Mal ehrlich, was haben wir von Tony Blair in letzter Zeit gehört? Nichts? Dabei ist der einstige britische Premier der Chefvermittler des Westens im Nahen Osten. Aber da wir ehrlich sein wollen, müssen wir feststellen, dass er trotz vieler Reisen kaum etwas zustande gebracht hat. Das liegt ein wenig an seiner Irakkriegs-Vergangenheit, mehr aber noch an den Umständen. Frieden schaffen ist schwierig, solange der Kriegsherr George Bush noch formell im Amt ist.

Was haben wir im Westen in letzter Zeit von türkischer Außenpolitik gehört? Nichts? Das ist bedauerlich, denn wenn wir im Westen ehrlich sind, haben die Türken in diesem Jahr mehr zustande gebracht als alle europäischen und amerikanischen Vermittler zusammen. Der Nahe und Mittlere Osten trifft sich am Ende der Ära Bush am Bosporus. Wie haben die Türken das geschafft?

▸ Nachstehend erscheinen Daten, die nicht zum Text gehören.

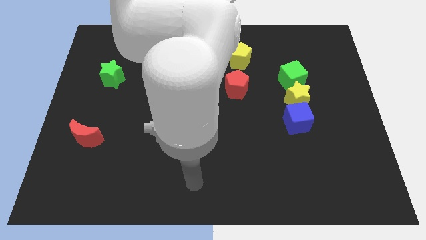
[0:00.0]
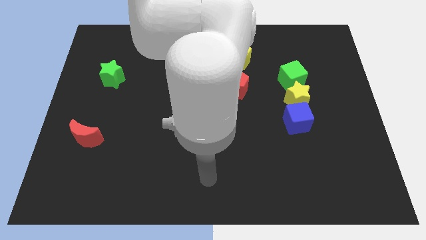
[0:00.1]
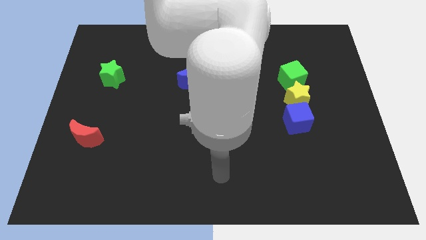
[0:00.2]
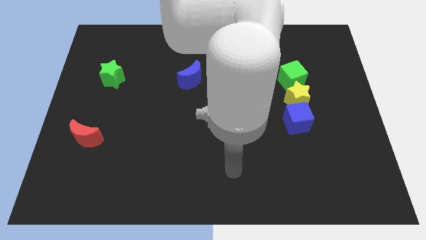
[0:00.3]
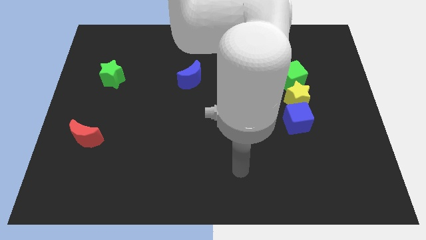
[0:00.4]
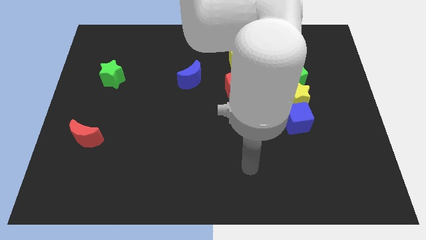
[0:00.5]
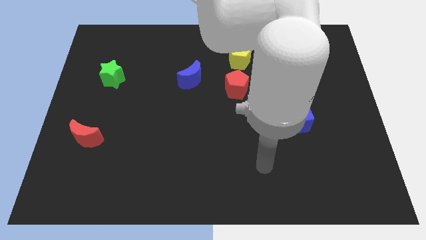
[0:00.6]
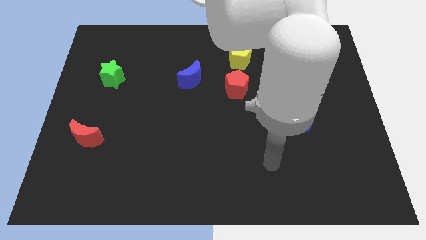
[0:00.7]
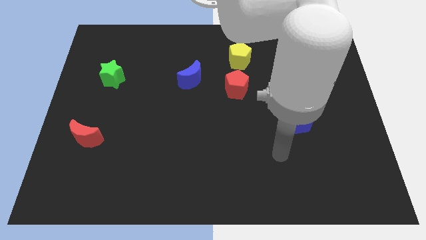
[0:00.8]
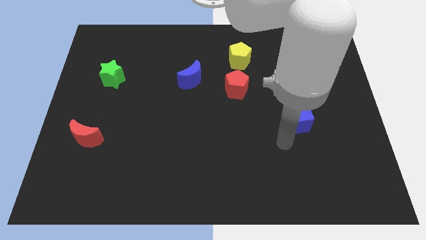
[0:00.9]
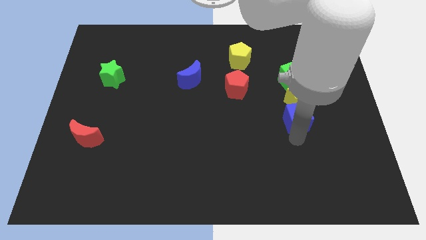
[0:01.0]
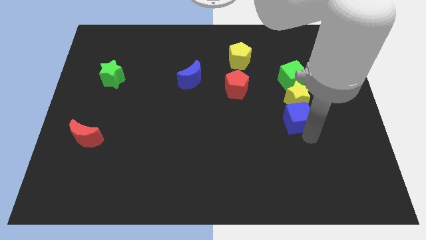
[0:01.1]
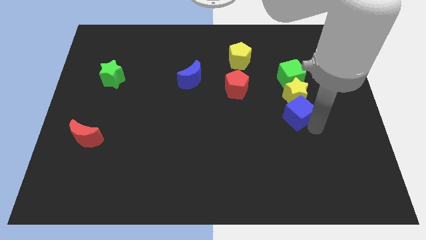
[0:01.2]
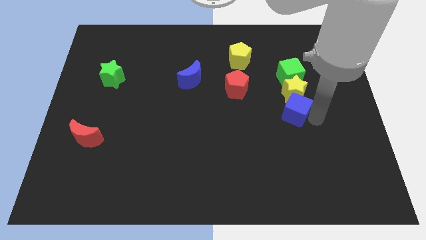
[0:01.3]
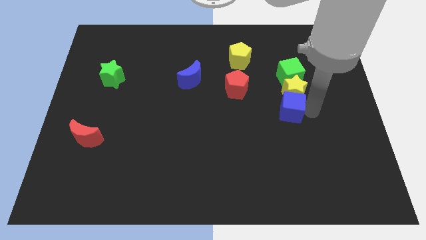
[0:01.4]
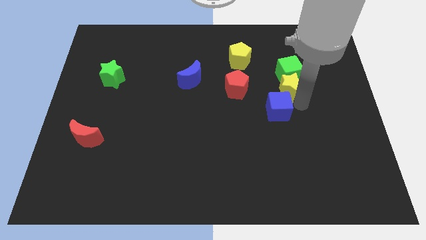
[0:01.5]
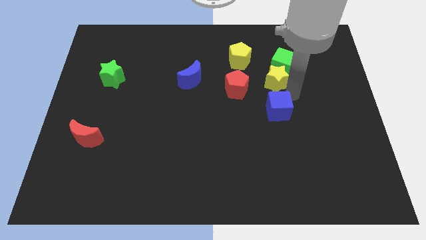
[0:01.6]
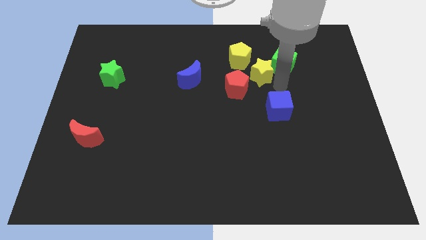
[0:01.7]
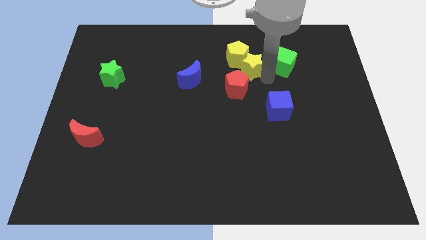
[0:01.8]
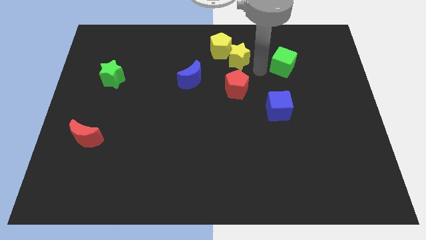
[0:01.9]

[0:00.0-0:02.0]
pull the green cube apart from the yellow star

Am vergangenen Wochenende konferierten in Istanbul der pakistanische Präsident Asif Ali Zardari und der afghanische Staatschef Hamid Karsai. Die beiden Länder haben, obwohl gleichermaßen mit den USA verbündet, keine offiziellen diplomatischen Beziehungen. Der türkische Präsident Gül hatte sie eingeladen, Premier Erdogan war bei den Gesprächen stets dabei. Thema waren die radikalislamischen Taliban, die gegen die afghanische Regierung Krieg führen und im unkontrollierten Nordwest-Pakistan ihre Rückzugshöhlen haben. Wie sind sie zu bekämpfen? Was kann Pakistan gegen die Taliban unternehmen? Muss man intensiver mit den Radikalislamisten reden? Wie kann man ihre Attraktivität im Volk unterminieren? Das waren die drängenden Fragen auf dem Tisch.

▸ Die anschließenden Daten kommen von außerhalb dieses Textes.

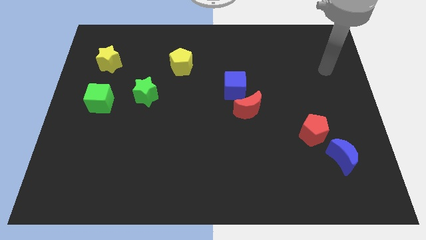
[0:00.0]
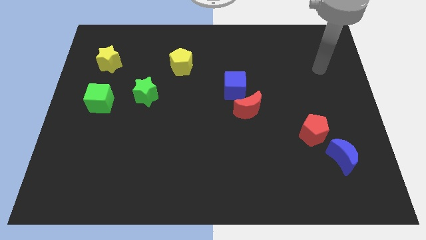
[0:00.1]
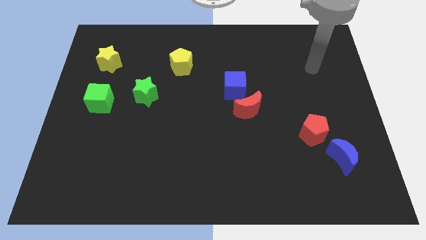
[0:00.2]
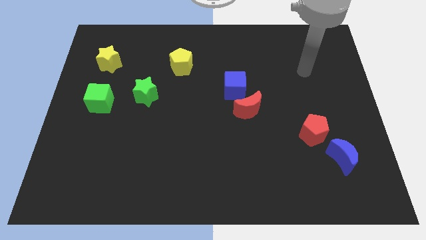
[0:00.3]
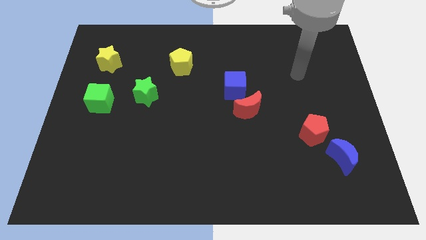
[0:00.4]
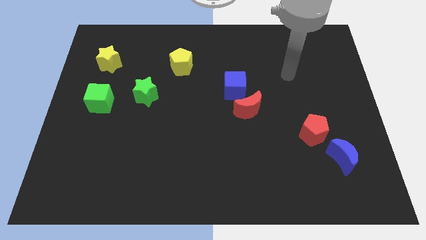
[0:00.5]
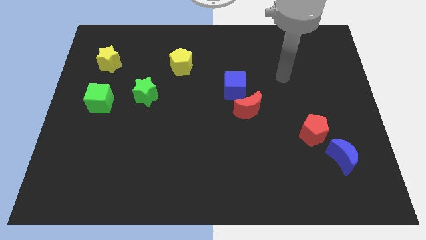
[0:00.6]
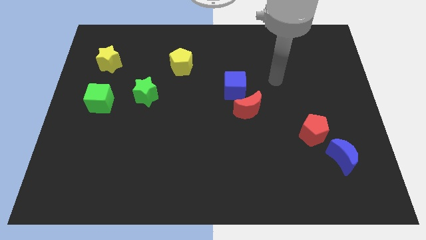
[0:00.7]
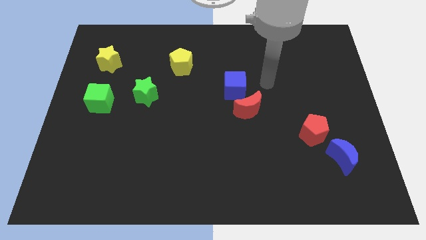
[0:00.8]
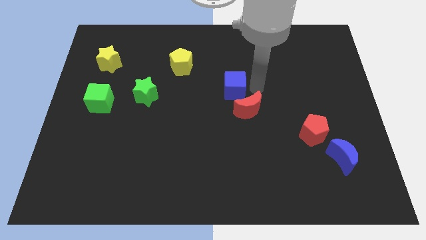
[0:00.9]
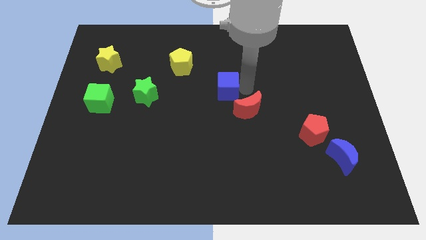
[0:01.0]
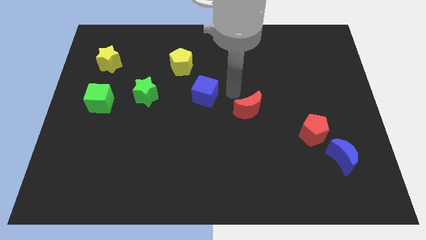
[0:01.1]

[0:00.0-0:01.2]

Zugleich loteten die Türken aus, ob sich Afghanistan und Pakistan einander näher bringen lassen. Eine bewährte Methode Ankaras sind Wirtschaftsprojekte, an denen beide Länder Interesse haben. Gedacht ist an Bauvorhaben, Handel, Zusammenarbeit bei Verkehr und Infrastruktur. Türkische Unternehmen stehen gern bereit, dabei zu helfen. Die Türken sind gute Geschäftsleute, die das Diplomatische mit dem Unternehmerischen zu verbinden wissen.

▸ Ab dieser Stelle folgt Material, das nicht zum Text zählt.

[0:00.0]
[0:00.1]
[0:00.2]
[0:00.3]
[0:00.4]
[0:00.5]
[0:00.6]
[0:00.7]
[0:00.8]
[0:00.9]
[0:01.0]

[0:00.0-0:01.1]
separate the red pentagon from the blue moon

Ähnliche Konzepte versucht die Türkei, auch im Nahen Osten anzuschieben. Das Parlament in Ankara, vor dem schon der palästinensische Präsident Abbas und das israelische Staatsoberhaupt Peres auftraten, bereitete ein gemeinsames israelisch-palästinensisches Wirtschaftsprojekt für den Gazastreifen vor. Zugleich vermittelt die Türkei zwischen den Israelis und Syrern, um den Weg zu einer Einigung über die Golanhöhen zu ebnen. Bis zur Ausrufung von Neuwahlen in Israel vor wenigen Wochen kamen Diplomaten aus Jerusalem und Damaskus regelmäßig nach Istanbul. Sie wohnten erst in unterschiedlichen Hotels, dann nur noch in verschiedenen Zimmern eines Hotels. Direkte Gespräche mieden sie gleichwohl. Die Türken verhandelten und trugen die Botschaften hin und her.